More importantly, power transmission is a natural monopoly, subject to significant regulatory and expropriation risk, especially in developing countries where regulatory institutions and court enforcement powers are weak.
Finally, the expansion of transmission grids requires a high degree of coordination between national and subnational governments, with the necessary harmonization of variables like voltage, frequency, quality of service, and more. This is extremely difficult to accomplish between countries with different regulatory regimes.
A New International Trade Rule Can Speed up Energy Transition Towards Renewables
Setting an enforceable international rule to measure and control the carbon footprint of products (CFP) that are exported and imported worldwide should provide developing countries with the incentives they need to rapidly phase out the use of hydrocarbons and adopt renewable energy in the manufacturing of traded goods.

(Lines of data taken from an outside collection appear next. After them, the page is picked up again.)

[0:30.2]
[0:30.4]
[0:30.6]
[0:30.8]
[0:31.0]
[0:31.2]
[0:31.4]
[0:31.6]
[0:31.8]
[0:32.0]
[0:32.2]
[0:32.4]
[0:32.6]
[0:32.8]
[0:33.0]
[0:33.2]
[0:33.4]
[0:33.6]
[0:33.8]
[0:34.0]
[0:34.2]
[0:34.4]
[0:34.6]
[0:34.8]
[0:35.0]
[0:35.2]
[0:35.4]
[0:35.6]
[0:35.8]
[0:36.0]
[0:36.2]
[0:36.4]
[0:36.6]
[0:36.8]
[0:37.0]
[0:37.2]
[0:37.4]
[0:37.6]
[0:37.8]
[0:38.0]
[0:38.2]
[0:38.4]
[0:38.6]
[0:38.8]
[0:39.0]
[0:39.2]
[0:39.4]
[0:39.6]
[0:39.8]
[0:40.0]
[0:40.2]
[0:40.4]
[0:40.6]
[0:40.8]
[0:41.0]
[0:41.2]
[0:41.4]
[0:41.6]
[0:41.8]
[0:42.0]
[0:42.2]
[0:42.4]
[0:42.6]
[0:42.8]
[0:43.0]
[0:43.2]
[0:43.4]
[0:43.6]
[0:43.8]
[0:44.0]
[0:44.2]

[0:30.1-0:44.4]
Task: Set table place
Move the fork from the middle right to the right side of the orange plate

With such a rule, countries would no longer have to expand power transmission grids, as manufacturing firms would be incentivized to locate near renewable resources. After all, transporting goods to consumption centers and seaports should always be less expensive (and require less coordination/bureaucracy) than building new transmission lines. This would also contribute to the decentralization of economic activity away from overcrowded megalopolises such as Mexico City, São Paulo, and Buenos Aires.

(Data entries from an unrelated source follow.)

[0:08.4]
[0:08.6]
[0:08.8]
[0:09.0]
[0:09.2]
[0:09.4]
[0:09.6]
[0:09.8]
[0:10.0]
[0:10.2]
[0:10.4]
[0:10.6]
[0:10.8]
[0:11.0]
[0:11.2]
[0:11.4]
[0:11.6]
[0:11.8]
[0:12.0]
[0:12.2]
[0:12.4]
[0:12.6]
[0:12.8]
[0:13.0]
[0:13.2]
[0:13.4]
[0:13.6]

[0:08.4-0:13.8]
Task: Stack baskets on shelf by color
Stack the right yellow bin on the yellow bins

The new rule could be set and enforced by the World Trade Organization (WTO) through, for example, the adoption of ISO 14067 guidelines, whereby countries could start demanding from their trade partners that the products they import comply with a maximum level of CFP.

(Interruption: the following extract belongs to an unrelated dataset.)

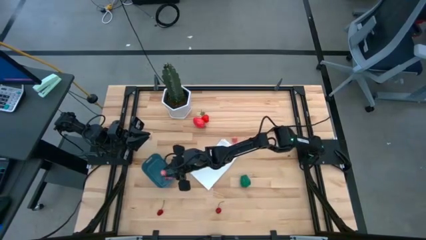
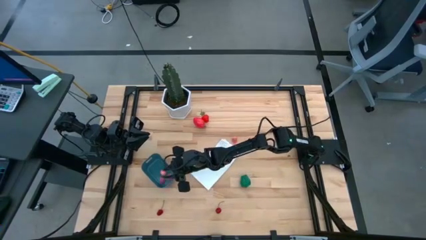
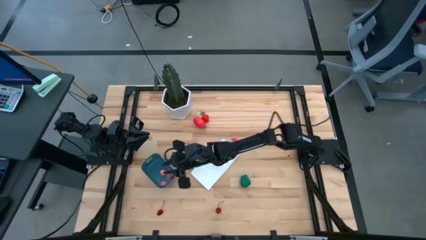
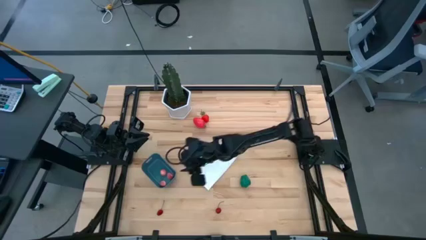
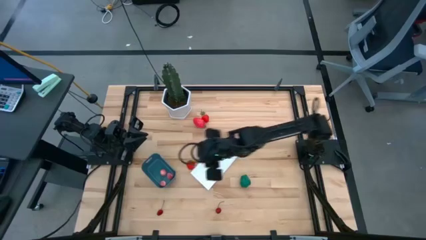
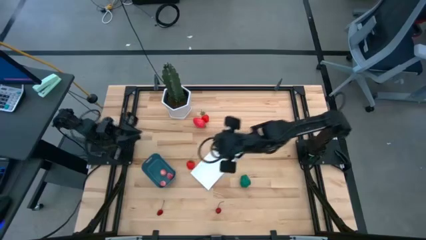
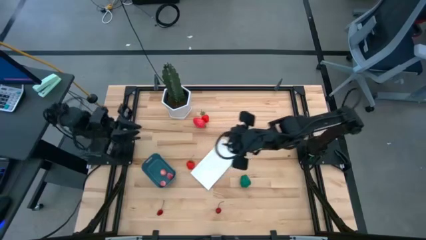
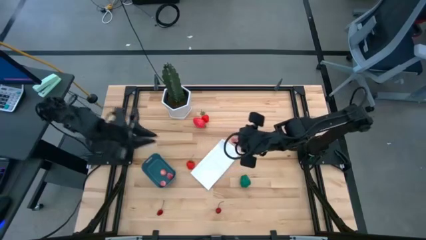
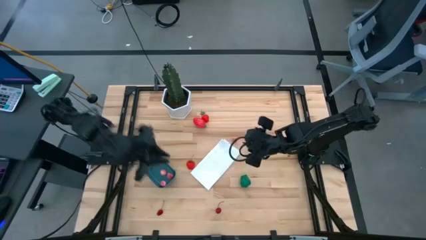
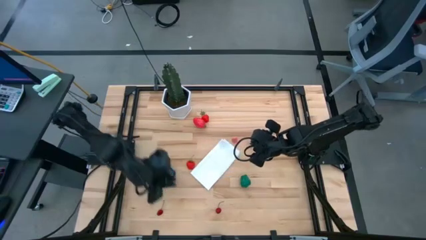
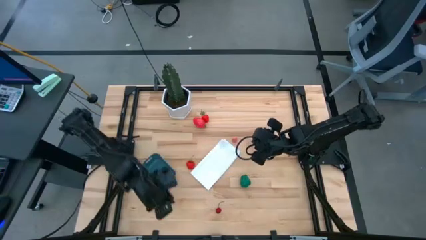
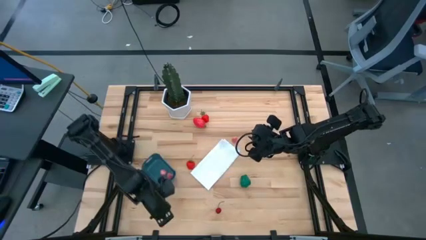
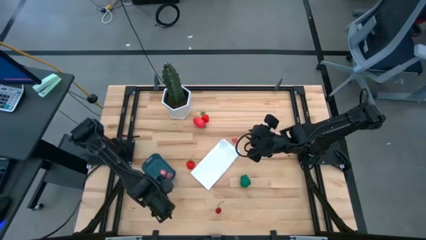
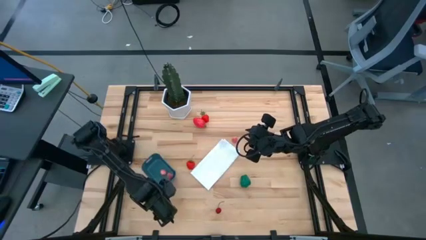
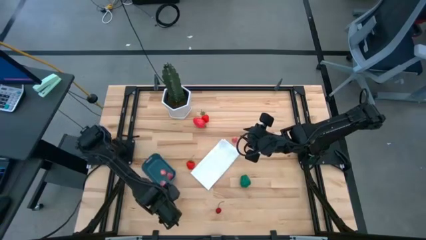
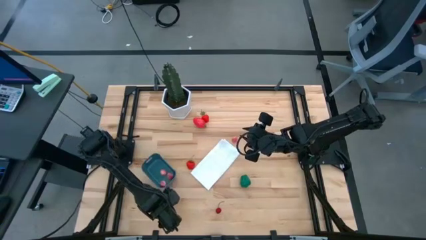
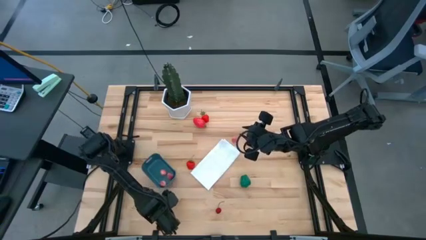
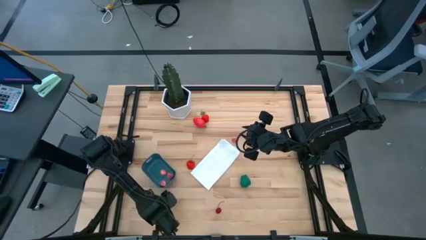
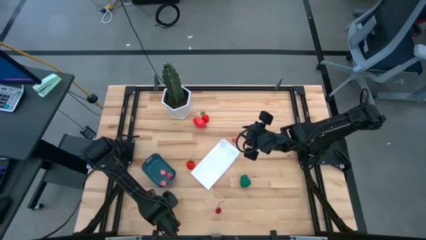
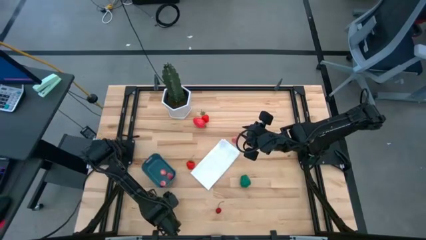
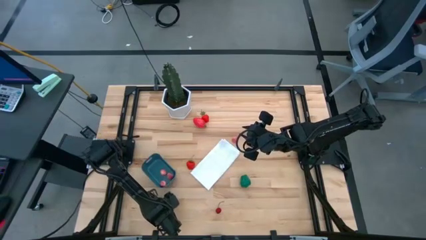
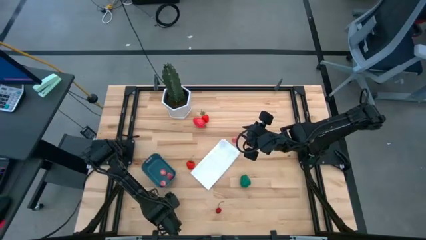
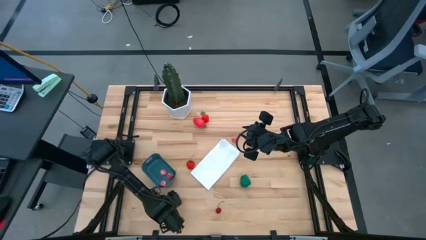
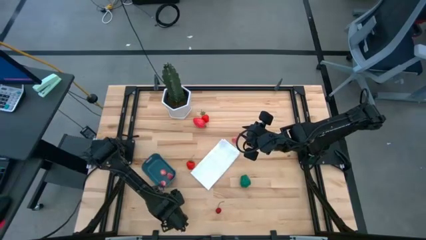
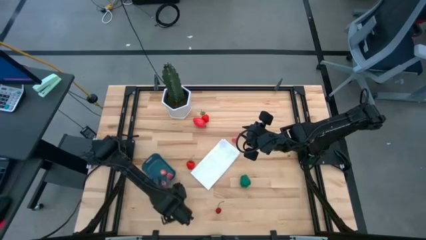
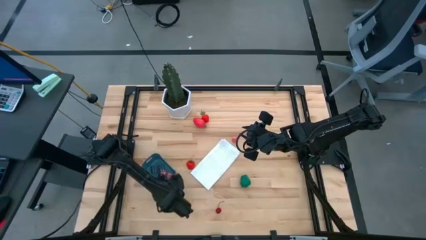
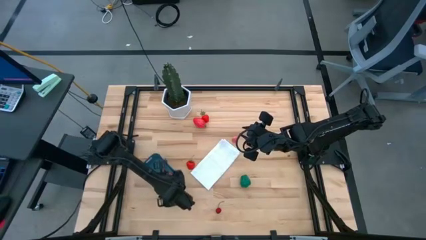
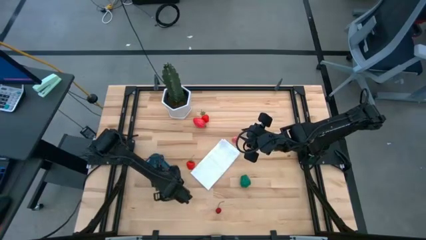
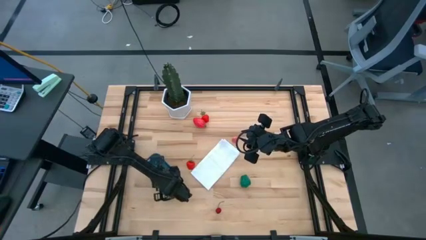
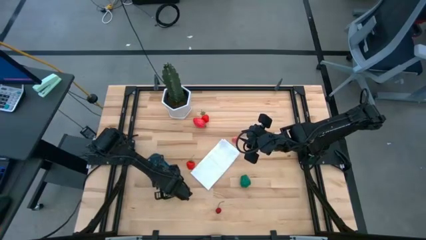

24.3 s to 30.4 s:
Task: Pick and placing Produce into tupperware
Put the cherry into the blue bin

Additionally, if exporters have a CFP higher than the allowed upper limit, they should be able to buy carbon certificates to compensate for the difference. For example, if the manufacturer of product “A” did not invest enough in emission-reduction technologies to reach the allowed threshold of CFP, then they should be able to buy carbon certificates to compensate for the difference between their actual CFP and the maximum allowed level. Optimally, the manufacturer of product "A" would invest in emission-reduction technologies until the marginal cost of this investment was equal to the market price of carbon certificates. Of course, for this mechanism to be efficient, there should be (only one) international market for carbon certificates (e.g. c-tokens) that should be electronically traded like cryptocurrencies and their transactions validated by blockchain. Only through this mechanism could the equilibrium price of c-tokens be freely set by supply and demand thus reflecting the opportunity cost of not adopting the emission-reduction technologies. Obviously, the initial amount of c-tokens issued and the maximum CFP set would be critical in setting the market clearing price of c-tokens and therefore in the incentive to invest in carbon-reducing technologies.
Finally, and moving in that direction, the European Union has recently adopted a Carbon Border Adjustment Mechanism (CBAM) whereby importers of goods into the EU (or their indirect customs representative) will have to report greenhouse gas emissions (GHG) embedded in their imports (direct and indirect emissions) during a given quarter of a calendar year. This has the objective of reducing carbon emissions, putting a fair price on the carbon emitted during the production of carbon-intensive goods imported into the EU, and bringing the price of carbon produced in the EU in line with the price of carbon-intensive goods imported into the EU.
In sum, a smart way to speed up the transition to clean energy would be to commoditize renewables through the enforcement of an allowed maximum level of CFP for imported and exported goods and the implementation of an international market of electronic carbon certificates (c-tokens) to buy them in the event of higher than allowed CFPs or to sell them in the event of lower than required CFPs.